Figure 4. VEGF-A–mediated regulation of mitochondrial ROS production and autophagic responses in the BAT of obese mice.

(A and B) FACS analysis for mitochondrial ROS (MitoSOX; A) and membrane potential (MitoRed with or without CCCP treatment; B) using isolated mitochondria extracted from BAT. (C) Western blot analysis of LC3A/B expression in BAT. The right graph indicates the quantification of LC3A/B-II expression relative to GAPDH-loading control (n = 3). (D and F) Immunofluorescent staining showing mitochondrial membrane protein Tom20 (green) colocalizing with autophagosomal membrane protein LC3 (red) in BAT of mice fed NC or HFHS diet with (F) or without (D) the injection of ad-vegfa or a control adenoviral vector (Con). Representative photomicrograph observed at ×3000 magnification. Scale bar: 3 μm. Merged areas are indicated by white arrows. The graph at right quantifies the number of puncta double stained with Tom20 and LC3 measured on 10 random fields and observed at ×3000 magnification (n = 3). (E and G) Real-time PCR expression of Bnip3 and Map1lc3b in BAT of mice (n = 3–6). (H–J) Western blot analysis of PINK1 (H), Parkin (I), and ubiquitin-conjugated protein (J) expression in isolated mitochondria extracted from BAT of mice. The graphs at right indicate the quantification relative to the expression of the Cox IV loading control (n = 3). In J, the level of ubiquitination is compared with the 25 kDa protein between the groups.

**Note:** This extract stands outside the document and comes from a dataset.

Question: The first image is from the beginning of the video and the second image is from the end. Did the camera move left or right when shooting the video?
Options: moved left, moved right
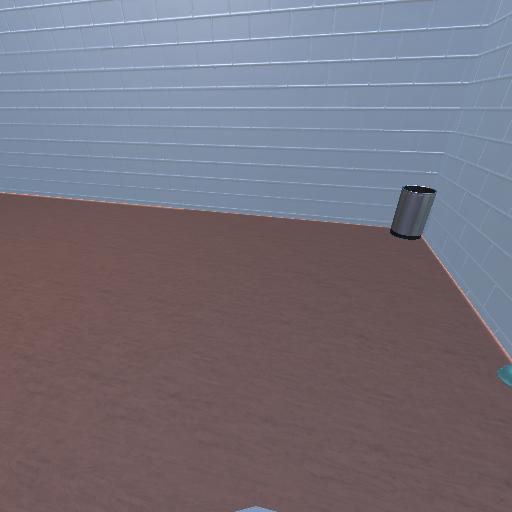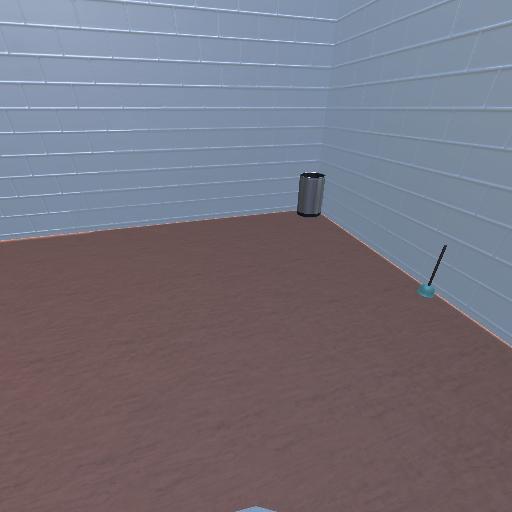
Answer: moved left

Data were analyzed by 2-tailed Student’s t test (C–E and H–J) or ANOVA (F and G). *P < 0.05; **P < 0.01. All values represent the mean ± SEM.

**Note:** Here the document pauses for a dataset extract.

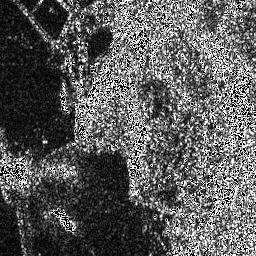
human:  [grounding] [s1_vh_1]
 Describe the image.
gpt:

Figure 5. Hypoxia inhibits β-adrenergic signaling.

(A) Relative copy number of Adrb1 and Adrb3 transcript expression in BAT under these experimental conditions (n = 4–5). (B) Relative copy number of Adrb1 and Adrb3 transcript expression in BAT of the KO and WT mice (n = 3–8). (C and D) Western blot analysis of phosphorylated PKA (pPKA Thr197) and total PKA in BAT from mice fed NC or HFHS diet or BAT from aP2-Cre^+/– Vegfa^flox/flox (KO) and control Vegfa^flox/flox mice (WT). Right graphs indicate quantification relative to PKA (for pPKA) and GAPDH-loading control (for PKA) (n = 3). (E) Graphical illustration of the downregulation of adrenergic signaling under conditions of obesity and the proposed positive feedback loop caused by hypoxic conditions. Data were analyzed by 2-tailed Student’s t test (C and D) or ANOVA (A and B). *P < 0.05; **P < 0.01. All values represent the mean ± SEM.